Segment Start: Information shown

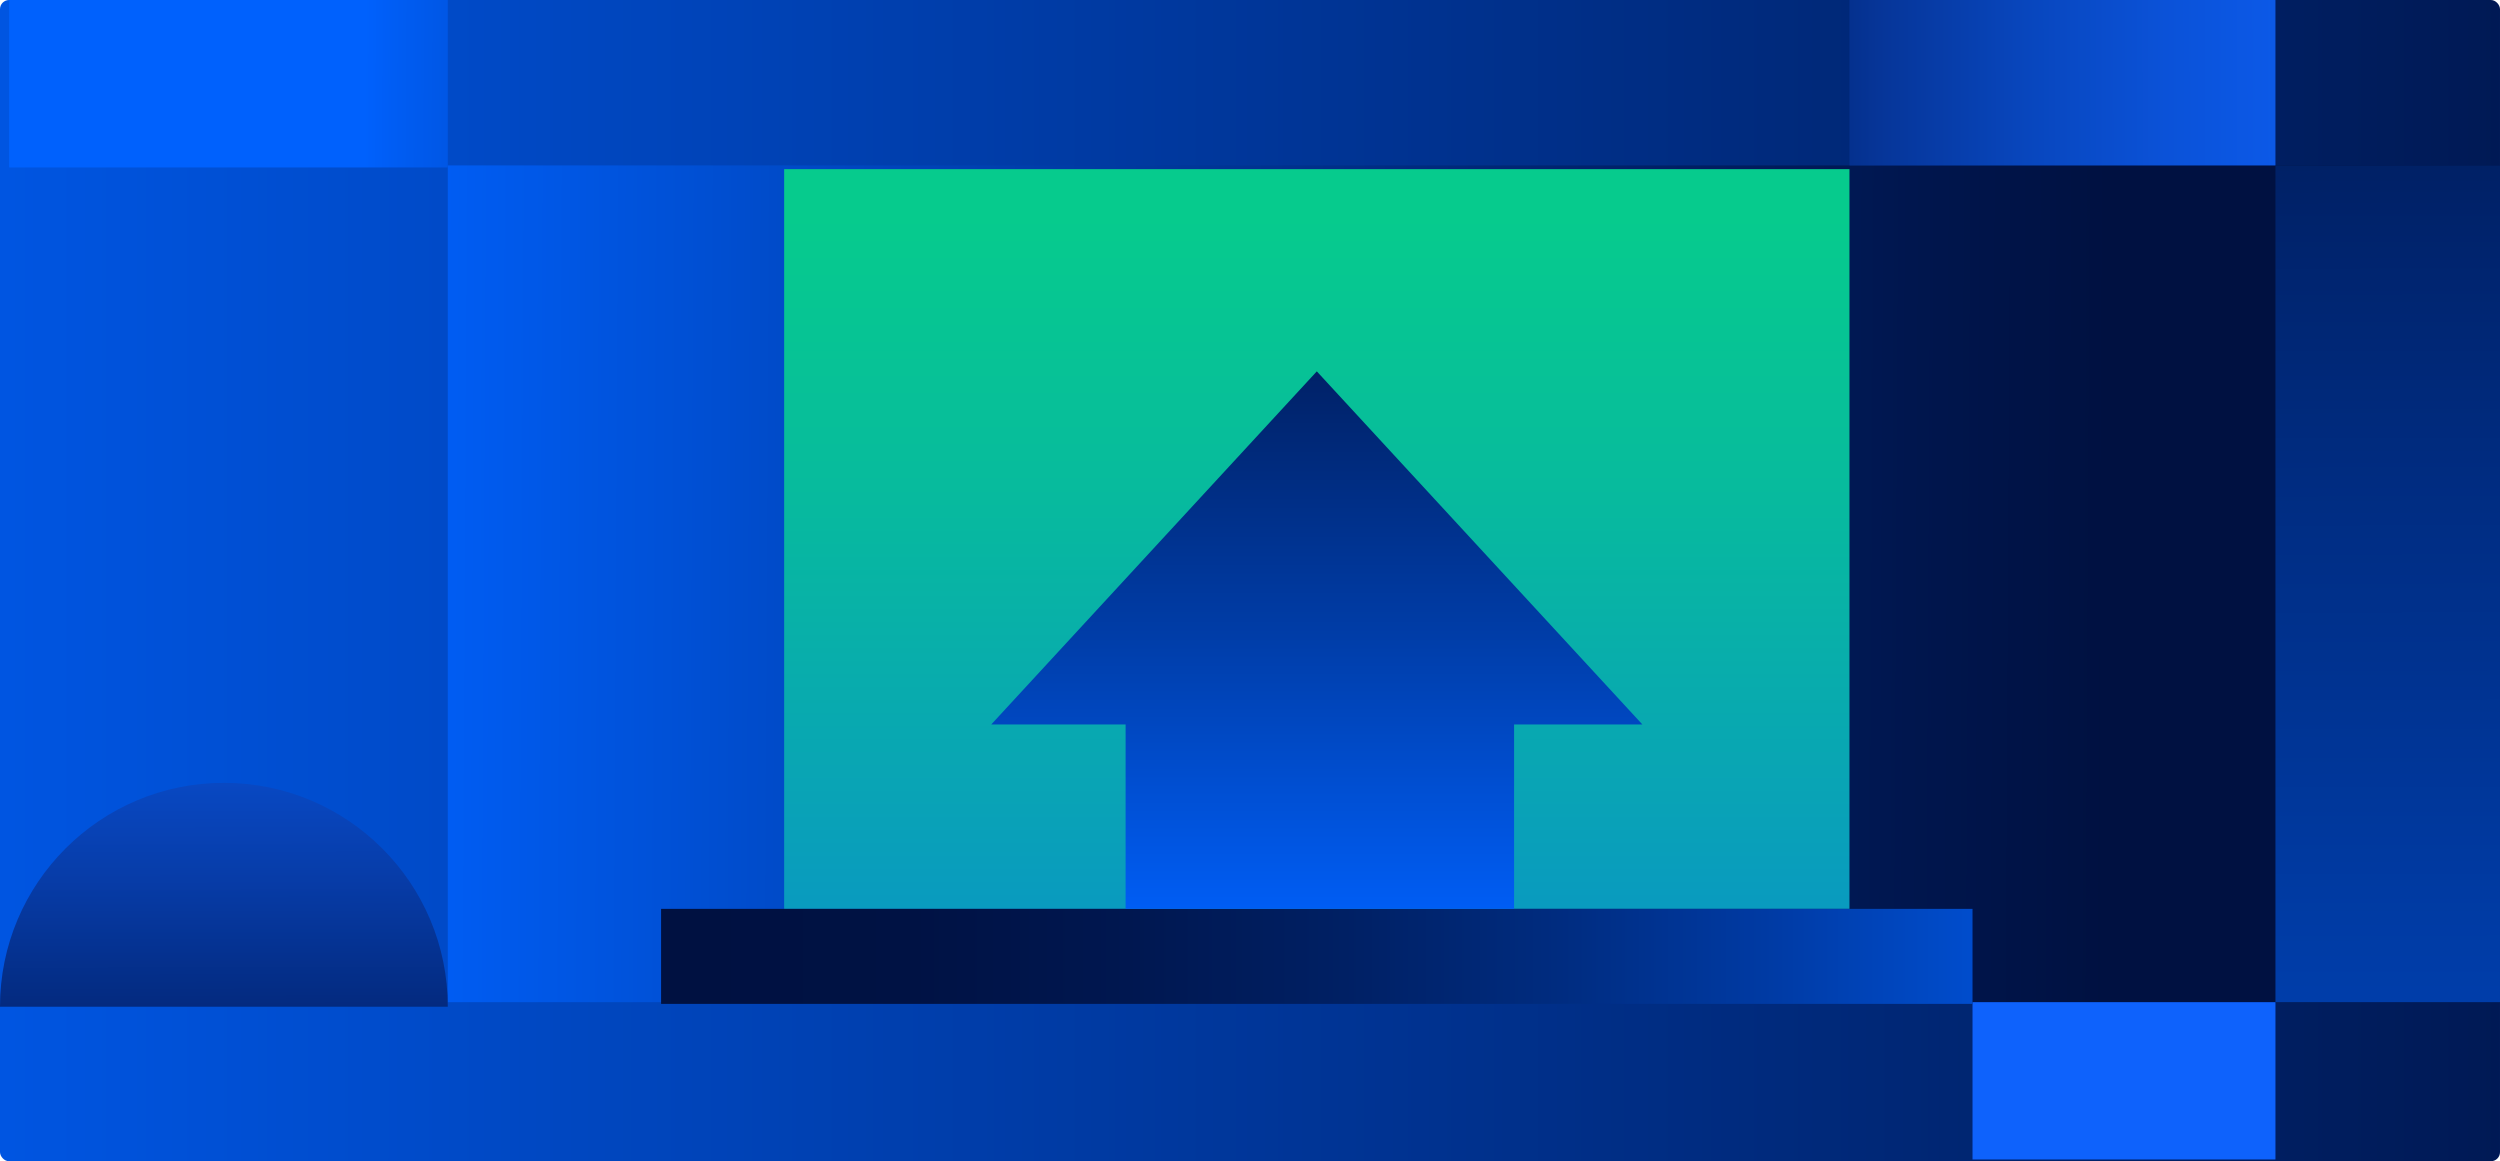 <?xml version="1.0" encoding="UTF-8"?>
<svg id="Layer_2" data-name="Layer 2" xmlns="http://www.w3.org/2000/svg" xmlns:xlink="http://www.w3.org/1999/xlink" viewBox="0 0 319.667 148.487">
  <defs>
    <style>
      .cls-1 {
        fill: url(#linear-gradient-8);
      }

      .cls-2 {
        fill: url(#linear-gradient-7);
      }

      .cls-3 {
        fill: url(#linear-gradient-5);
      }

      .cls-4 {
        fill: url(#linear-gradient-6);
      }

      .cls-5 {
        fill: url(#linear-gradient-9);
      }

      .cls-6 {
        fill: url(#linear-gradient-4);
      }

      .cls-7 {
        fill: url(#linear-gradient-3);
      }

      .cls-8 {
        fill: url(#linear-gradient-2);
      }

      .cls-9 {
        fill: url(#linear-gradient);
      }

      .cls-10 {
        fill: url(#linear-gradient-10);
      }
    </style>
    <linearGradient id="linear-gradient" x1="-204.777" y1="74.243" x2="398.159" y2="74.243" gradientUnits="userSpaceOnUse">
      <stop offset=".238" stop-color="#0061fd"/>
      <stop offset=".606" stop-color="#003699"/>
      <stop offset=".946" stop-color="#001141"/>
    </linearGradient>
    <linearGradient id="linear-gradient-2" x1="-121.246" y1="72.999" x2="289.605" y2="75.188" gradientUnits="userSpaceOnUse">
      <stop offset=".412" stop-color="#0061fd"/>
      <stop offset=".431" stop-color="#005df4"/>
      <stop offset=".619" stop-color="#003da8"/>
      <stop offset=".774" stop-color="#002570"/>
      <stop offset=".889" stop-color="#00164e"/>
      <stop offset=".951" stop-color="#001141"/>
    </linearGradient>
    <linearGradient id="linear-gradient-3" x1="-31.584" y1="10.381" x2="158.29" y2="11.393" xlink:href="#linear-gradient-2"/>
    <linearGradient id="linear-gradient-4" x1="182.643" y1="141.893" x2="405.072" y2="132.663" gradientUnits="userSpaceOnUse">
      <stop offset=".53" stop-color="#0e62fc"/>
      <stop offset=".545" stop-color="#0c5bed"/>
      <stop offset=".596" stop-color="#0948c4"/>
      <stop offset=".65" stop-color="#0638a0"/>
      <stop offset=".706" stop-color="#042b82"/>
      <stop offset=".765" stop-color="#02216c"/>
      <stop offset=".829" stop-color="#011a5c"/>
      <stop offset=".902" stop-color="#001652"/>
      <stop offset="1" stop-color="#001550"/>
    </linearGradient>
    <linearGradient id="linear-gradient-5" x1="305.975" y1="496.084" x2="305.098" y2="-60.924" gradientUnits="userSpaceOnUse">
      <stop offset=".238" stop-color="#0061fd"/>
      <stop offset=".318" stop-color="#005ef7"/>
      <stop offset=".425" stop-color="#0057e6"/>
      <stop offset=".547" stop-color="#004bca"/>
      <stop offset=".68" stop-color="#003ba4"/>
      <stop offset=".82" stop-color="#002673"/>
      <stop offset=".946" stop-color="#001141"/>
    </linearGradient>
    <linearGradient id="linear-gradient-6" x1="-7737.074" y1="1352.165" x2="-7907.758" y2="1352.434" gradientTransform="translate(-1323.721 -7725.269) rotate(-90)" gradientUnits="userSpaceOnUse">
      <stop offset=".315" stop-color="#0e62fc"/>
      <stop offset=".37" stop-color="#0d5df1"/>
      <stop offset=".463" stop-color="#0a51d6"/>
      <stop offset=".584" stop-color="#073daa"/>
      <stop offset=".727" stop-color="#02226d"/>
      <stop offset=".79" stop-color="#001550"/>
    </linearGradient>
    <linearGradient id="linear-gradient-7" x1="483.139" y1="10.23" x2="199.508" y2="10.677" gradientUnits="userSpaceOnUse">
      <stop offset=".532" stop-color="#0e62fc"/>
      <stop offset=".599" stop-color="#0d60f8"/>
      <stop offset=".663" stop-color="#0c5bec"/>
      <stop offset=".727" stop-color="#0b52d8"/>
      <stop offset=".79" stop-color="#0846bd"/>
      <stop offset=".853" stop-color="#06369a"/>
      <stop offset=".915" stop-color="#02236f"/>
      <stop offset=".954" stop-color="#001550"/>
    </linearGradient>
    <linearGradient id="linear-gradient-8" x1="168.376" y1="22.188" x2="168.376" y2="200.542" gradientUnits="userSpaceOnUse">
      <stop offset=".03" stop-color="#06cb8d"/>
      <stop offset=".224" stop-color="#07bb9d"/>
      <stop offset=".606" stop-color="#0a92c8"/>
      <stop offset="1" stop-color="#0e62fc"/>
    </linearGradient>
    <linearGradient id="linear-gradient-9" x1="295.762" y1="122.289" x2="77.024" y2="122.289" gradientUnits="userSpaceOnUse">
      <stop offset=".081" stop-color="#0061fd"/>
      <stop offset=".189" stop-color="#004ed0"/>
      <stop offset=".314" stop-color="#003ba5"/>
      <stop offset=".44" stop-color="#002c80"/>
      <stop offset=".566" stop-color="#002064"/>
      <stop offset=".693" stop-color="#001750"/>
      <stop offset=".819" stop-color="#001244"/>
      <stop offset=".946" stop-color="#001141"/>
    </linearGradient>
    <linearGradient id="linear-gradient-10" x1="168.376" y1="144.633" x2="168.376" y2="12.971" gradientUnits="userSpaceOnUse">
      <stop offset=".189" stop-color="#0061fd"/>
      <stop offset=".215" stop-color="#005df4"/>
      <stop offset=".481" stop-color="#003da8"/>
      <stop offset=".701" stop-color="#002570"/>
      <stop offset=".864" stop-color="#00164e"/>
      <stop offset=".951" stop-color="#001141"/>
    </linearGradient>
  </defs>
  <g id="Layer_1-2" data-name="Layer 1">
    <g>
      <rect class="cls-9" width="319.667" height="148.487" rx="1.169" ry="1.169"/>
      <rect class="cls-8" x="57.257" y="21.152" width="262.41" height="106.993"/>
      <rect class="cls-7" x="1.169" width="56.087" height="21.411"/>
      <rect class="cls-6" x="252.22" y="128.146" width="38.736" height="20.113"/>
      <rect class="cls-3" x="290.955" y="21.152" width="28.711" height="106.993"/>
      <path class="cls-4" d="M57.257,128.73c0-15.811-12.817-28.628-28.628-28.628S0,112.919,0,128.73h57.257Z"/>
      <rect class="cls-2" x="236.484" y="0" width="54.471" height="21.152"/>
      <g>
        <rect class="cls-1" x="100.268" y="21.628" width="136.216" height="94.586"/>
        <rect class="cls-5" x="84.532" y="116.214" width="167.687" height="12.149"/>
        <polygon class="cls-10" points="143.928 92.637 143.928 116.214 193.601 116.214 193.601 92.637 210.006 92.637 168.376 47.485 126.746 92.637 143.928 92.637"/>
      </g>
    </g>
  </g>
</svg>

Segment End: Information shown

→ Exercise aim: Without including any picture, copy the listing above exactly and in full.

→ Task output:
 <?xml version="1.0" encoding="UTF-8"?>
<svg id="Layer_2" data-name="Layer 2" xmlns="http://www.w3.org/2000/svg" xmlns:xlink="http://www.w3.org/1999/xlink" viewBox="0 0 319.667 148.487">
  <defs>
    <style>
      .cls-1 {
        fill: url(#linear-gradient-8);
      }

      .cls-2 {
        fill: url(#linear-gradient-7);
      }

      .cls-3 {
        fill: url(#linear-gradient-5);
      }

      .cls-4 {
        fill: url(#linear-gradient-6);
      }

      .cls-5 {
        fill: url(#linear-gradient-9);
      }

      .cls-6 {
        fill: url(#linear-gradient-4);
      }

      .cls-7 {
        fill: url(#linear-gradient-3);
      }

      .cls-8 {
        fill: url(#linear-gradient-2);
      }

      .cls-9 {
        fill: url(#linear-gradient);
      }

      .cls-10 {
        fill: url(#linear-gradient-10);
      }
    </style>
    <linearGradient id="linear-gradient" x1="-204.777" y1="74.243" x2="398.159" y2="74.243" gradientUnits="userSpaceOnUse">
      <stop offset=".238" stop-color="#0061fd"/>
      <stop offset=".606" stop-color="#003699"/>
      <stop offset=".946" stop-color="#001141"/>
    </linearGradient>
    <linearGradient id="linear-gradient-2" x1="-121.246" y1="72.999" x2="289.605" y2="75.188" gradientUnits="userSpaceOnUse">
      <stop offset=".412" stop-color="#0061fd"/>
      <stop offset=".431" stop-color="#005df4"/>
      <stop offset=".619" stop-color="#003da8"/>
      <stop offset=".774" stop-color="#002570"/>
      <stop offset=".889" stop-color="#00164e"/>
      <stop offset=".951" stop-color="#001141"/>
    </linearGradient>
    <linearGradient id="linear-gradient-3" x1="-31.584" y1="10.381" x2="158.29" y2="11.393" xlink:href="#linear-gradient-2"/>
    <linearGradient id="linear-gradient-4" x1="182.643" y1="141.893" x2="405.072" y2="132.663" gradientUnits="userSpaceOnUse">
      <stop offset=".53" stop-color="#0e62fc"/>
      <stop offset=".545" stop-color="#0c5bed"/>
      <stop offset=".596" stop-color="#0948c4"/>
      <stop offset=".65" stop-color="#0638a0"/>
      <stop offset=".706" stop-color="#042b82"/>
      <stop offset=".765" stop-color="#02216c"/>
      <stop offset=".829" stop-color="#011a5c"/>
      <stop offset=".902" stop-color="#001652"/>
      <stop offset="1" stop-color="#001550"/>
    </linearGradient>
    <linearGradient id="linear-gradient-5" x1="305.975" y1="496.084" x2="305.098" y2="-60.924" gradientUnits="userSpaceOnUse">
      <stop offset=".238" stop-color="#0061fd"/>
      <stop offset=".318" stop-color="#005ef7"/>
      <stop offset=".425" stop-color="#0057e6"/>
      <stop offset=".547" stop-color="#004bca"/>
      <stop offset=".68" stop-color="#003ba4"/>
      <stop offset=".82" stop-color="#002673"/>
      <stop offset=".946" stop-color="#001141"/>
    </linearGradient>
    <linearGradient id="linear-gradient-6" x1="-7737.074" y1="1352.165" x2="-7907.758" y2="1352.434" gradientTransform="translate(-1323.721 -7725.269) rotate(-90)" gradientUnits="userSpaceOnUse">
      <stop offset=".315" stop-color="#0e62fc"/>
      <stop offset=".37" stop-color="#0d5df1"/>
      <stop offset=".463" stop-color="#0a51d6"/>
      <stop offset=".584" stop-color="#073daa"/>
      <stop offset=".727" stop-color="#02226d"/>
      <stop offset=".79" stop-color="#001550"/>
    </linearGradient>
    <linearGradient id="linear-gradient-7" x1="483.139" y1="10.23" x2="199.508" y2="10.677" gradientUnits="userSpaceOnUse">
      <stop offset=".532" stop-color="#0e62fc"/>
      <stop offset=".599" stop-color="#0d60f8"/>
      <stop offset=".663" stop-color="#0c5bec"/>
      <stop offset=".727" stop-color="#0b52d8"/>
      <stop offset=".79" stop-color="#0846bd"/>
      <stop offset=".853" stop-color="#06369a"/>
      <stop offset=".915" stop-color="#02236f"/>
      <stop offset=".954" stop-color="#001550"/>
    </linearGradient>
    <linearGradient id="linear-gradient-8" x1="168.376" y1="22.188" x2="168.376" y2="200.542" gradientUnits="userSpaceOnUse">
      <stop offset=".03" stop-color="#06cb8d"/>
      <stop offset=".224" stop-color="#07bb9d"/>
      <stop offset=".606" stop-color="#0a92c8"/>
      <stop offset="1" stop-color="#0e62fc"/>
    </linearGradient>
    <linearGradient id="linear-gradient-9" x1="295.762" y1="122.289" x2="77.024" y2="122.289" gradientUnits="userSpaceOnUse">
      <stop offset=".081" stop-color="#0061fd"/>
      <stop offset=".189" stop-color="#004ed0"/>
      <stop offset=".314" stop-color="#003ba5"/>
      <stop offset=".44" stop-color="#002c80"/>
      <stop offset=".566" stop-color="#002064"/>
      <stop offset=".693" stop-color="#001750"/>
      <stop offset=".819" stop-color="#001244"/>
      <stop offset=".946" stop-color="#001141"/>
    </linearGradient>
    <linearGradient id="linear-gradient-10" x1="168.376" y1="144.633" x2="168.376" y2="12.971" gradientUnits="userSpaceOnUse">
      <stop offset=".189" stop-color="#0061fd"/>
      <stop offset=".215" stop-color="#005df4"/>
      <stop offset=".481" stop-color="#003da8"/>
      <stop offset=".701" stop-color="#002570"/>
      <stop offset=".864" stop-color="#00164e"/>
      <stop offset=".951" stop-color="#001141"/>
    </linearGradient>
  </defs>
  <g id="Layer_1-2" data-name="Layer 1">
    <g>
      <rect class="cls-9" width="319.667" height="148.487" rx="1.169" ry="1.169"/>
      <rect class="cls-8" x="57.257" y="21.152" width="262.41" height="106.993"/>
      <rect class="cls-7" x="1.169" width="56.087" height="21.411"/>
      <rect class="cls-6" x="252.22" y="128.146" width="38.736" height="20.113"/>
      <rect class="cls-3" x="290.955" y="21.152" width="28.711" height="106.993"/>
      <path class="cls-4" d="M57.257,128.73c0-15.811-12.817-28.628-28.628-28.628S0,112.919,0,128.73h57.257Z"/>
      <rect class="cls-2" x="236.484" y="0" width="54.471" height="21.152"/>
      <g>
        <rect class="cls-1" x="100.268" y="21.628" width="136.216" height="94.586"/>
        <rect class="cls-5" x="84.532" y="116.214" width="167.687" height="12.149"/>
        <polygon class="cls-10" points="143.928 92.637 143.928 116.214 193.601 116.214 193.601 92.637 210.006 92.637 168.376 47.485 126.746 92.637 143.928 92.637"/>
      </g>
    </g>
  </g>
</svg>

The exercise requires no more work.